Thanks to Keith of Literature & Latte for helping me stay organised for so long.

Recovered my old film school DV tape from 2001

Today I managed to finally capture my old film school DV tape. The tape had travelled with me for almost 20 years, from flat to flat and from country to country. I thought it wouldn’t have survived after so long. Tape degrades.

I was about to capture the tape in early 2020 but then covid came along and delayed those plans. I didn’t want to ask someone to capture it for me. I really wanted to enjoy the process of capturing tape just like I did when I was young. In fact, the first time I ever captured video computers weren't powerful enough to transfer live video from a camera. Computers needed a special targa capture card to import each frame individually as a targa sequence.

Finally covid subsided and after keeping an eye on eBay for a long time I found a Canon XM2 in excellent ‘almost new’ condition at a great price. The short film itself was filmed on the XM2’s big brother the XL1S, but the cameras are very similar internally. Video capture is somewhat similar to film scanning. You grab a coffee, set up the equipment, and then diligently perform the job of transferring media manually into the computer.

Connecting the XM2 for capture proved tricky. First, I had to use an old Mac with firewire. Second, Adobe Premiere stopped supporting miniDV capture a few years ago and there was no method to install a version of Premiere old enough that did still support miniDV. QuickTime still does allow firewire capture, but I discovered that the start of the tape had degraded from exposure to air and heat. Because of the damage to the tape, Quicktime was unable to capture video with audio, but it could capture the streams separately!

Capture done, you can see how little detail and resolution we worked with in those days. Imagine if we had 4K or 6K HDR cameras at the time! 🤯 The colours produced by Canon’s 3CCD system were great though. There is hardly any grading applied to the images below, in some scenes none at all.

Screenshots from ‘花’ (‘Hana’) a short film in Japanese that I wrote, shot and directed in film school back in 2001 starring my friend Ryoko who was a news reporter on Nihon TV at the time.

I made a vertical trailer for social media which can be watched below.
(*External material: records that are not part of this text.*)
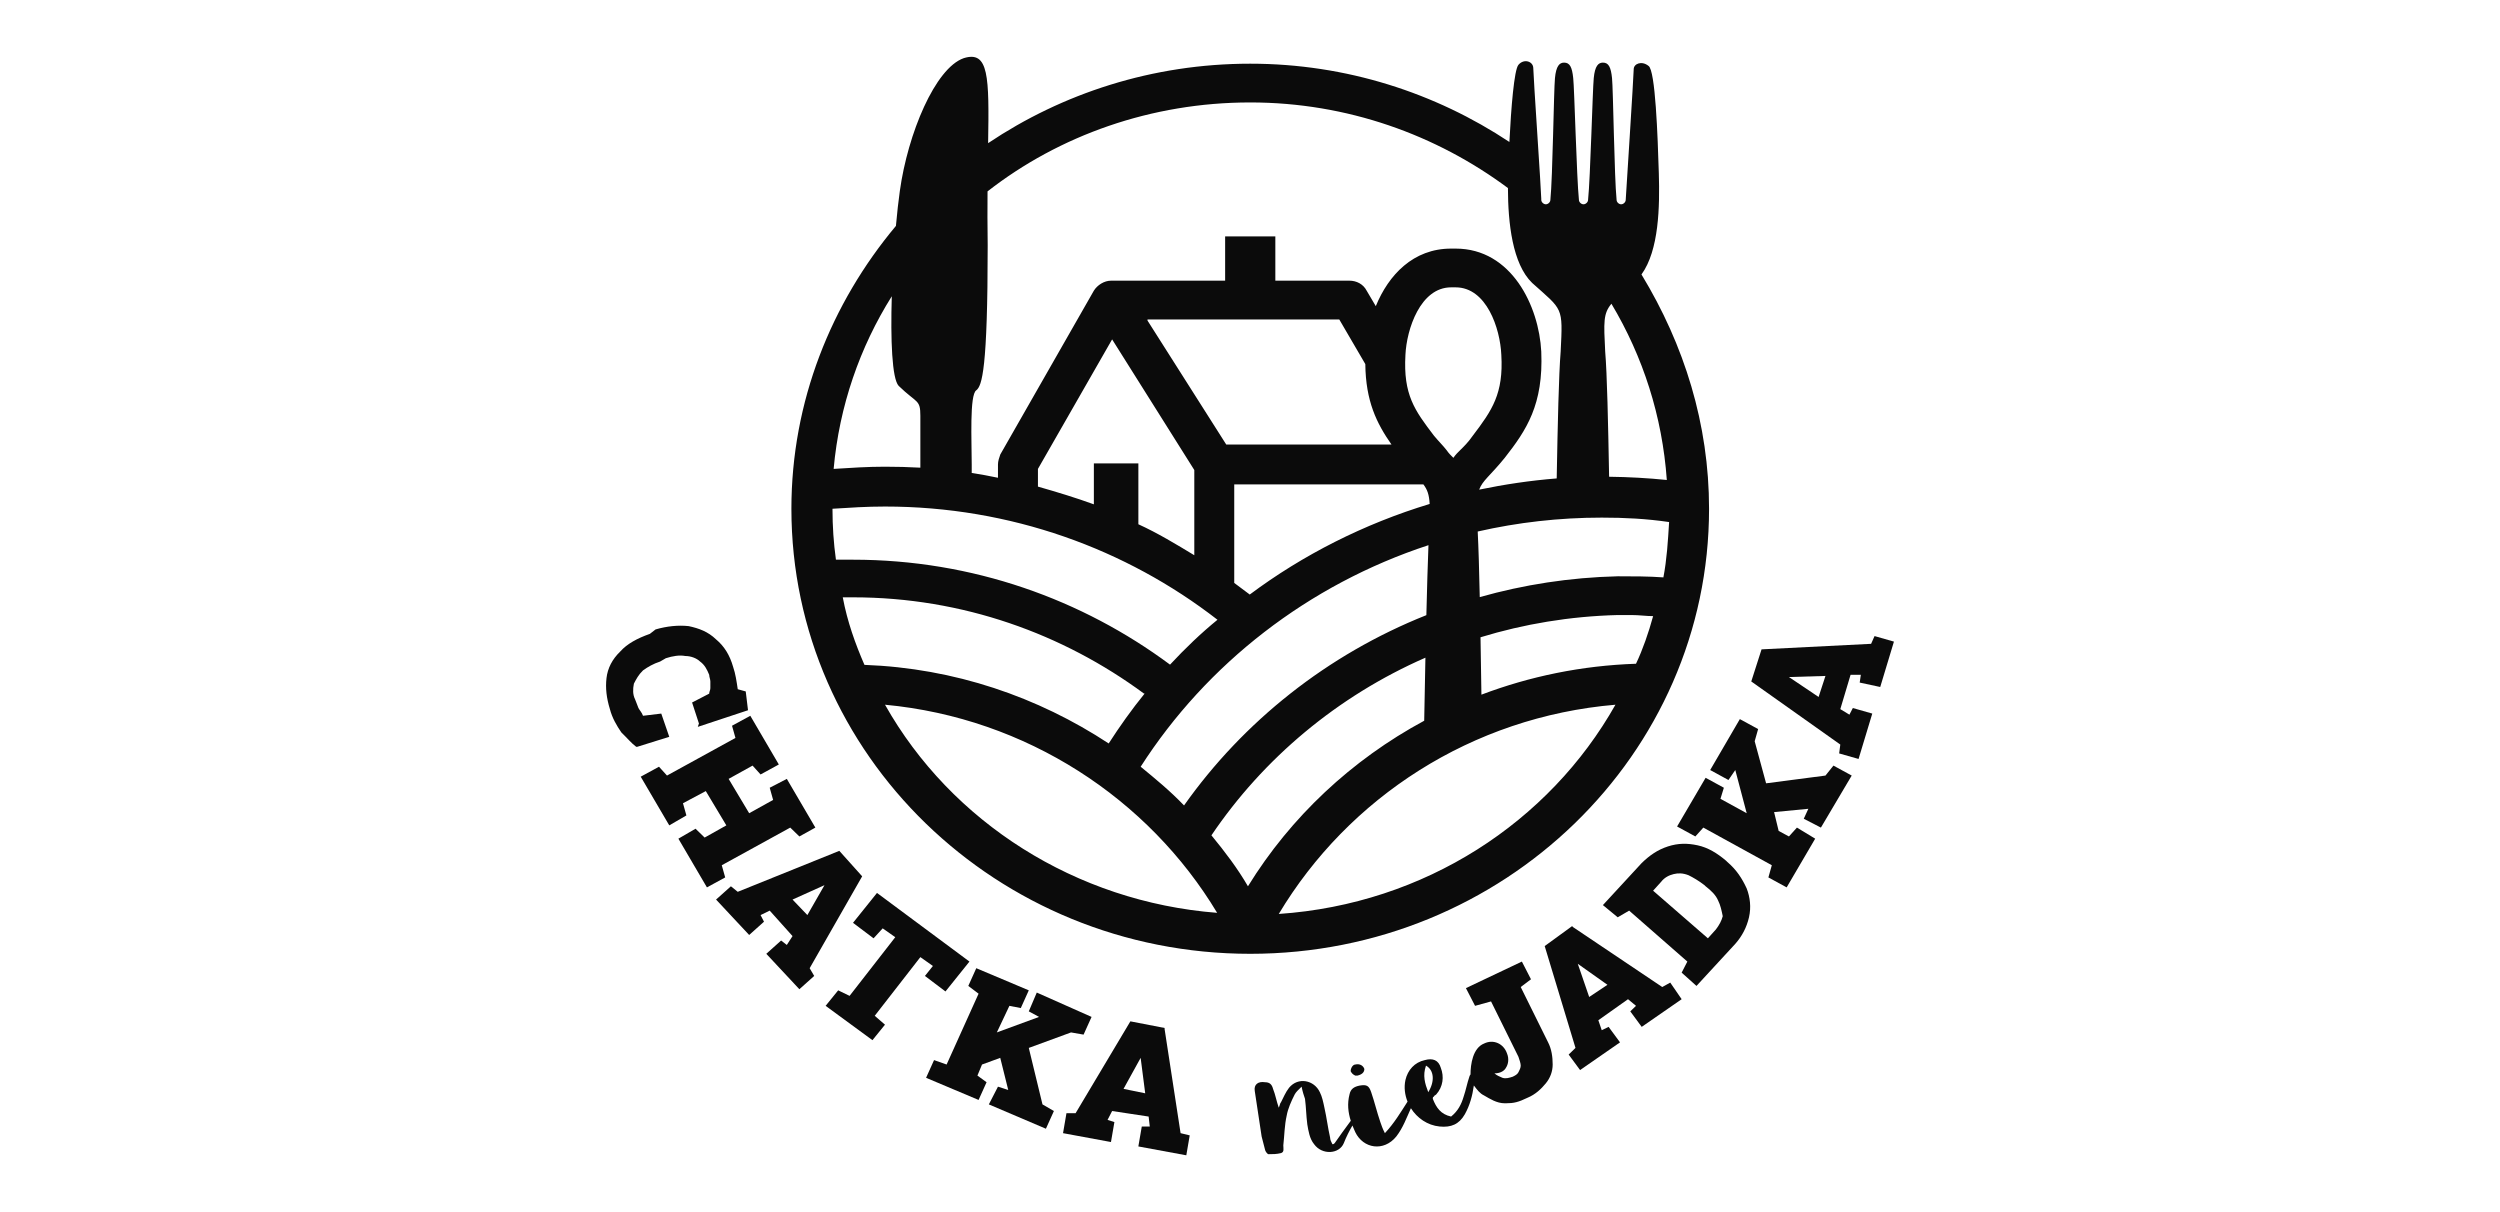 <?xml version="1.0" encoding="utf-8"?>
<svg xmlns="http://www.w3.org/2000/svg" fill="none" height="100%" overflow="visible" preserveAspectRatio="none" style="display: block;" viewBox="0 0 132 64" width="100%">
<g id="chatka-niejadka">
<g id="chatka-niejadka_2">
<path clip-rule="evenodd" d="M61.491 54.277V54.336L62.335 59.831L62.817 59.948L62.637 61L60.105 60.532L60.286 59.48H60.708L60.648 58.954L58.72 58.662L58.479 59.13L58.84 59.246L58.659 60.299L56.128 59.831L56.309 58.778H56.791L59.684 53.927L61.491 54.277ZM59.322 57.493L60.467 57.727L60.226 55.855L59.322 57.493Z" fill="#0B0B0B" fill-rule="evenodd"/>
<path clip-rule="evenodd" d="M80.836 51.706L80.294 52.115L81.74 55.037C81.921 55.388 81.981 55.798 81.981 56.207C81.981 56.558 81.86 56.908 81.619 57.2C81.378 57.492 81.077 57.785 80.655 57.96C80.173 58.194 79.932 58.253 79.511 58.253H79.45C79.028 58.253 78.667 58.019 78.365 57.844C78.124 57.727 78.004 57.551 77.823 57.317L77.819 57.316C77.743 57.855 77.608 58.362 77.341 58.837C77.04 59.363 76.617 59.539 76.015 59.48C75.365 59.417 74.822 59.03 74.496 58.514C74.261 59.031 74.08 59.546 73.725 60.006C73.062 60.824 71.978 60.649 71.556 59.773C71.502 59.658 71.453 59.542 71.408 59.427C71.24 59.721 71.082 60.025 70.953 60.358C70.712 60.942 69.808 60.999 69.386 60.415C69.145 60.123 69.085 59.714 69.025 59.363C68.964 58.896 68.965 58.486 68.904 58.019C68.844 57.843 68.784 57.668 68.724 57.376C68.543 57.551 68.422 57.668 68.361 57.785C68.181 58.136 68 58.545 67.939 58.895C67.819 59.422 67.819 59.948 67.759 60.474C67.759 60.649 67.819 60.824 67.639 60.883C67.398 60.941 67.217 60.941 66.976 60.941C66.915 60.941 66.795 60.767 66.795 60.708C66.735 60.474 66.675 60.24 66.614 60.006C66.494 59.188 66.373 58.428 66.252 57.609C66.192 57.259 66.433 57.083 66.795 57.142C67.036 57.142 67.157 57.259 67.217 57.493C67.337 57.785 67.397 58.136 67.518 58.486C67.578 58.37 67.579 58.253 67.639 58.194C67.759 57.961 67.88 57.668 68.061 57.435C68.543 56.85 69.386 57.025 69.688 57.668C69.808 57.902 69.868 58.194 69.929 58.486C70.049 59.012 70.109 59.538 70.23 60.065C70.23 60.181 70.29 60.298 70.351 60.415C70.41 60.415 70.411 60.416 70.471 60.358C70.746 59.957 71.019 59.589 71.321 59.179C71.179 58.729 71.129 58.272 71.254 57.785C71.314 57.493 71.496 57.376 71.797 57.317C72.158 57.259 72.279 57.317 72.399 57.668C72.58 58.194 72.701 58.72 72.882 59.246C72.942 59.422 73.002 59.597 73.122 59.831C73.616 59.304 73.95 58.739 74.318 58.166C74.173 57.805 74.124 57.409 74.207 57.025C74.328 56.499 74.689 56.09 75.231 55.973C75.653 55.856 75.955 55.973 76.075 56.382C76.256 56.849 76.196 57.376 75.834 57.785C75.774 57.843 75.714 57.844 75.714 57.902C75.654 57.902 75.653 57.96 75.653 58.019C75.834 58.486 76.076 58.837 76.618 58.954C76.98 58.662 77.16 58.311 77.28 57.902C77.401 57.552 77.462 57.2 77.582 56.85C77.582 56.822 77.608 56.782 77.643 56.729C77.643 56.202 77.764 55.329 78.365 55.096C78.847 54.862 79.389 55.096 79.57 55.622C79.691 55.914 79.631 56.206 79.511 56.382C79.451 56.499 79.269 56.674 78.908 56.674C79.029 56.791 79.209 56.85 79.329 56.908C79.51 56.967 79.691 56.908 79.872 56.85C79.992 56.791 80.113 56.733 80.173 56.616C80.233 56.499 80.294 56.382 80.294 56.265C80.294 56.148 80.233 55.973 80.173 55.798L78.727 52.875L77.883 53.108L77.401 52.173L80.355 50.771L80.836 51.706ZM75.292 56.265C75.111 56.791 75.231 57.2 75.412 57.668C75.774 57.084 75.714 56.498 75.292 56.265Z" fill="#0B0B0B" fill-rule="evenodd"/>
<path d="M54.32 52.29L53.898 53.226L53.296 53.108L52.633 54.512L54.862 53.693L54.32 53.4L54.742 52.407L57.635 53.693L57.213 54.628L56.55 54.512L54.32 55.33L55.043 58.312L55.646 58.662L55.224 59.597L52.211 58.312L52.693 57.376L53.235 57.551L52.813 55.855L51.85 56.207L51.608 56.791L52.091 57.142L51.669 58.077L48.897 56.908L49.318 55.973L49.981 56.207L51.669 52.466L51.126 52.057L51.548 51.121L54.32 52.29Z" fill="#0B0B0B"/>
<path d="M71.556 56.207C71.797 56.149 71.978 56.265 72.038 56.441C72.038 56.616 71.917 56.733 71.676 56.791H71.556C71.435 56.733 71.375 56.675 71.314 56.558C71.314 56.441 71.374 56.323 71.435 56.265C71.435 56.265 71.496 56.207 71.556 56.207Z" fill="#0B0B0B"/>
<path clip-rule="evenodd" d="M83.066 48.958L87.767 52.115L88.189 51.881L88.791 52.758L86.682 54.219L86.079 53.4L86.381 53.108L85.959 52.758L84.392 53.868L84.572 54.395L84.935 54.219L85.537 55.037L83.428 56.499L82.825 55.681L83.186 55.33L81.56 49.952L83.006 48.9L83.066 48.958ZM83.909 52.641L84.874 51.998L83.307 50.888L83.909 52.641Z" fill="#0B0B0B" fill-rule="evenodd"/>
<path d="M51.187 50.771L49.921 52.349L48.836 51.53L49.258 51.004L48.595 50.536L46.185 53.635L46.727 54.103L46.065 54.921L43.593 53.108L44.256 52.29L44.858 52.582L47.27 49.484L46.606 49.017L46.124 49.543L45.039 48.725L46.305 47.147L51.187 50.771Z" fill="#0B0B0B"/>
<path clip-rule="evenodd" d="M45.522 46.27L42.75 51.121L42.99 51.53L42.207 52.231L40.46 50.361L41.243 49.66L41.544 49.894L41.846 49.426L40.641 48.081L40.158 48.316L40.339 48.666L39.556 49.367L37.808 47.497L38.592 46.796L38.953 47.088L44.316 44.925L45.522 46.27ZM41.846 47.497L42.629 48.316L43.533 46.737L41.846 47.497Z" fill="#0B0B0B" fill-rule="evenodd"/>
<path clip-rule="evenodd" d="M88.067 44.691C88.61 44.516 89.092 44.516 89.635 44.633C90.177 44.75 90.659 45.042 91.142 45.451L91.201 45.51C91.683 45.919 91.985 46.386 92.226 46.912C92.406 47.38 92.467 47.907 92.347 48.433C92.226 48.959 91.985 49.426 91.623 49.835L89.574 52.057L88.791 51.355L89.092 50.771L86.019 48.081L85.416 48.433L84.633 47.789L86.682 45.568C87.103 45.159 87.525 44.867 88.067 44.691ZM89.152 46.211C88.851 46.094 88.61 46.094 88.369 46.152C88.128 46.211 87.887 46.328 87.706 46.562L87.284 47.029L90.177 49.543L90.599 49.075C90.779 48.842 90.901 48.608 90.961 48.374C90.901 48.082 90.84 47.789 90.72 47.556C90.599 47.264 90.358 47.03 90.057 46.796L89.996 46.737C89.695 46.504 89.393 46.328 89.152 46.211Z" fill="#0B0B0B" fill-rule="evenodd"/>
<path clip-rule="evenodd" d="M50.885 3.071C52.212 2.656 52.23 4.04 52.173 7.558C56.086 4.936 60.839 3.363 66.012 3.363C71.084 3.363 75.801 4.912 79.696 7.496C79.786 5.698 79.946 3.688 80.174 3.422C80.475 3.072 80.957 3.247 80.957 3.598C80.957 3.95 81.379 10.143 81.379 10.495V10.554C81.379 10.671 81.5 10.787 81.62 10.787C81.74 10.787 81.86 10.671 81.86 10.554C81.981 9.385 82.041 4.711 82.102 4.124C82.162 3.481 82.343 3.306 82.584 3.306C82.885 3.306 83.006 3.54 83.066 4.124C83.127 4.652 83.247 9.385 83.367 10.554C83.367 10.671 83.488 10.787 83.608 10.787C83.729 10.787 83.85 10.671 83.85 10.554C83.97 9.443 84.09 4.711 84.15 4.124C84.211 3.481 84.392 3.306 84.633 3.306C84.934 3.306 85.055 3.54 85.115 4.124C85.175 4.652 85.236 9.385 85.356 10.554C85.356 10.671 85.476 10.787 85.597 10.787C85.717 10.787 85.838 10.671 85.838 10.554C85.838 10.554 86.26 3.952 86.26 3.656C86.26 3.364 86.681 3.189 87.043 3.481C87.404 3.715 87.526 7.163 87.586 9.15C87.639 10.908 87.597 13.214 86.67 14.492C88.93 18.213 90.238 22.393 90.238 26.862C90.238 39.839 79.39 50.361 66.012 50.361C52.633 50.361 41.786 39.839 41.786 26.862C41.786 21.206 43.885 16.015 47.305 11.928C47.367 11.237 47.437 10.606 47.511 10.086C47.933 7.047 49.378 3.598 50.885 3.071ZM85.296 37.209C77.703 37.852 71.195 42.119 67.519 48.257C75.232 47.731 81.801 43.405 85.296 37.209ZM46.728 37.209C50.223 43.405 56.792 47.614 64.265 48.198C60.649 42.178 54.2 37.91 46.728 37.209ZM75.262 34.726C70.621 36.758 66.707 40.043 63.963 44.106C64.686 44.983 65.349 45.861 65.892 46.796C68.146 43.141 71.365 40.12 75.198 38.055C75.216 36.989 75.238 35.851 75.262 34.726ZM75.423 28.785C69.076 30.867 63.71 35.052 60.227 40.483C61.01 41.126 61.794 41.769 62.517 42.528C65.65 38.098 70.082 34.562 75.312 32.48C75.347 31.053 75.384 29.753 75.423 28.785ZM44.498 31.539C44.739 32.825 45.161 33.994 45.643 35.105C50.403 35.28 54.803 36.8 58.539 39.255C59.118 38.357 59.753 37.46 60.442 36.614C60.433 36.62 60.422 36.624 60.407 36.624C56.129 33.468 50.825 31.539 45.04 31.539H44.498ZM85.417 32.474C82.893 32.539 80.463 32.947 78.171 33.648C78.188 34.643 78.204 35.673 78.219 36.678C80.766 35.713 83.514 35.142 86.381 35.046C86.742 34.286 87.044 33.409 87.285 32.532C86.924 32.532 86.561 32.474 86.14 32.474H85.417ZM46.728 26.745C45.763 26.745 44.859 26.804 43.955 26.862C43.955 27.798 44.016 28.675 44.137 29.552H45.04C51.361 29.552 57.141 31.651 61.778 35.093C62.569 34.242 63.405 33.439 64.286 32.721L64.282 32.723C59.461 28.982 53.357 26.745 46.728 26.745ZM84.573 27.33C82.322 27.33 80.129 27.584 78.023 28.064C78.066 28.891 78.101 30.118 78.131 31.527C80.446 30.872 82.887 30.489 85.417 30.428C86.2 30.428 87.044 30.428 87.827 30.486C88.008 29.551 88.069 28.557 88.129 27.564C86.924 27.388 85.778 27.33 84.573 27.33ZM65.168 30.779C65.409 30.955 65.744 31.214 65.985 31.39C65.985 31.39 65.982 31.393 65.981 31.396C68.797 29.292 72.036 27.655 75.486 26.609C75.458 26.103 75.358 25.845 75.155 25.576H65.168V30.779ZM54.803 24.758V25.693C55.827 25.986 56.792 26.278 57.756 26.629V24.466H60.106V27.681C61.131 28.148 62.095 28.733 63.059 29.317V24.817L58.72 17.919L54.803 24.758ZM66.012 5.409C60.792 5.409 55.931 7.148 52.142 10.105C52.135 10.969 52.134 11.917 52.15 12.95C52.15 19.496 51.849 20.373 51.548 20.608C51.186 20.841 51.307 23.297 51.307 24.524V24.973C51.772 25.044 52.235 25.128 52.693 25.226V24.524C52.693 24.349 52.754 24.174 52.815 23.998L57.756 15.347C57.937 15.055 58.299 14.82 58.66 14.82H64.687V12.482H67.338V14.82H71.255C71.617 14.82 71.978 14.996 72.159 15.347L72.642 16.166C73.318 14.511 74.625 13.126 76.618 13.126H76.858C79.811 13.126 81.258 16.165 81.379 18.562C81.499 21.367 80.595 22.712 79.45 24.174C78.683 25.121 78.281 25.364 78.1 25.853C79.429 25.578 80.799 25.371 82.194 25.261C82.246 22.405 82.304 19.767 82.403 18.562C82.524 16.166 82.523 16.399 80.897 14.938C79.854 13.926 79.623 11.777 79.619 9.929C75.845 7.123 71.134 5.409 66.012 5.409ZM85.083 16.038C84.648 16.56 84.676 17.007 84.754 18.562C84.853 19.719 84.91 22.35 84.961 25.172C86.004 25.185 87.006 25.241 88.008 25.343C87.768 21.972 86.753 18.832 85.083 16.038ZM47.086 15.643C45.4 18.331 44.317 21.428 44.016 24.758C44.92 24.699 45.824 24.642 46.728 24.642C47.356 24.642 47.978 24.659 48.595 24.693V21.952C48.595 21.076 48.414 21.309 47.45 20.374C47.096 19.999 47.018 17.937 47.086 15.643ZM76.618 15.172C74.991 15.172 74.267 17.393 74.207 18.737C74.087 20.842 74.689 21.66 75.714 23.005C75.955 23.297 76.196 23.531 76.377 23.765C76.497 23.94 76.618 24.057 76.738 24.174C76.859 23.999 76.979 23.881 77.1 23.765C77.28 23.589 77.522 23.355 77.763 23.005C78.787 21.66 79.39 20.783 79.27 18.737C79.209 17.334 78.486 15.172 76.858 15.172H76.618ZM60.588 16.925L64.746 23.472H73.471C72.683 22.344 72.11 21.181 72.089 19.224L70.713 16.866H60.588V16.925Z" fill="#0B0B0B" fill-rule="evenodd"/>
<path d="M41.122 40.365L40.158 40.892L39.736 40.424L38.471 41.125L39.556 42.938L40.821 42.236L40.641 41.593L41.544 41.125L43.051 43.697L42.207 44.165L41.725 43.697L38.109 45.685L38.29 46.328L37.326 46.854L35.819 44.282L36.724 43.756L37.205 44.224L38.351 43.58L37.266 41.769L36.061 42.411L36.241 43.055L35.337 43.58L33.83 41.009L34.795 40.483L35.217 40.95L38.832 38.963L38.651 38.319L39.616 37.793L41.122 40.365Z" fill="#0B0B0B"/>
<path d="M92.829 38.495L92.647 39.138L93.25 41.359L96.384 40.95L96.806 40.424L97.77 40.95L96.144 43.697L95.239 43.23L95.481 42.704L93.672 42.879L93.913 43.873L94.456 44.165L94.878 43.697L95.842 44.282L94.335 46.854L93.371 46.328L93.552 45.685L89.936 43.697L89.514 44.165L88.55 43.639L90.057 41.067L91.02 41.593L90.84 42.178L92.226 42.938L91.623 40.658L91.262 41.184L90.298 40.658L91.864 37.969L92.829 38.495Z" fill="#0B0B0B"/>
<path clip-rule="evenodd" d="M100 33.877L99.276 36.273L98.192 36.04L98.252 35.631H97.71L97.168 37.442L97.649 37.735L97.83 37.384L98.856 37.677L98.132 40.073L97.107 39.781L97.168 39.313L92.467 35.981L93.01 34.286L98.795 33.994L98.976 33.585L100 33.877ZM94.456 35.747L96.022 36.8L96.384 35.69L94.456 35.747Z" fill="#0B0B0B" fill-rule="evenodd"/>
<path d="M34.614 33.234C35.217 33.059 35.819 33 36.361 33.059C36.904 33.175 37.386 33.351 37.808 33.76C38.23 34.111 38.531 34.579 38.712 35.222C38.833 35.572 38.893 35.982 38.953 36.391L39.375 36.508L39.495 37.501L36.844 38.378L36.904 38.202L36.542 37.092L37.446 36.624C37.447 36.507 37.507 36.449 37.507 36.332V35.981C37.507 35.865 37.446 35.748 37.446 35.631C37.326 35.339 37.205 35.104 36.964 34.929C36.783 34.754 36.482 34.637 36.181 34.637C35.88 34.578 35.518 34.637 35.156 34.754L34.855 34.929C34.494 35.046 34.192 35.221 33.951 35.397C33.71 35.63 33.589 35.865 33.469 36.099C33.409 36.391 33.409 36.683 33.529 36.917C33.59 37.092 33.65 37.209 33.71 37.384C33.77 37.501 33.891 37.618 33.951 37.793L34.915 37.677L35.337 38.904L33.65 39.43H33.59C33.349 39.254 33.107 38.962 32.806 38.67C32.565 38.319 32.324 37.91 32.203 37.442C32.023 36.858 31.962 36.332 32.023 35.806C32.083 35.28 32.324 34.812 32.746 34.403C33.108 33.994 33.65 33.702 34.313 33.468L34.614 33.234Z" fill="#0B0B0B"/>
</g>
</g>
</svg>

Getting it right requires time...and feedback

Even though I've been designing a completely new type of camera system that will be years ahead of anything that currently exists, my favourite camera will probably always be my Leica M3, a custom version with a genuine Italian rosewood body. Whenever I take it to camera shops for servicing it always receives the same compliment 'It's a unique piece!'

Leica M3 (photo taken with an iPhone :p)

I've used just about every type of camera over the years, but what attracted me to the M3 was that Leica put over a decade of research into it because they wanted to make sure they got the M series just right with the very first release (an extremely rare feat for any device). 

Over that decade, Leica frequently interacted with customers to help them design the M3. Users wanted it to be streamlined and ergonomic compared to the irksome and intimidating Leica III. Because the principal market was street photography, the M3 also had to feel second nature to users so that they could quickly capture moments around them. It also had to be easy to repair and recycle.

It was one of the earliest examples of a company asking for global customer feedback and beta testing the hell out of the product. The incredible results of that collaboration haven't been replicated so well since. Evidence of that can be seen in the fact that people still enjoy using the M3 65 years later.

Only one change was made during the M3's life-cycle - a change from a double stroke to single stroke advance lever (both equally useful). As time went by, Leica added a few more bells and whistles to the M series that weren't possible in the early 1950s, and sometimes they made mistakes in doing so, but the tradition of keeping their renowned product line pure still exists today in the M10.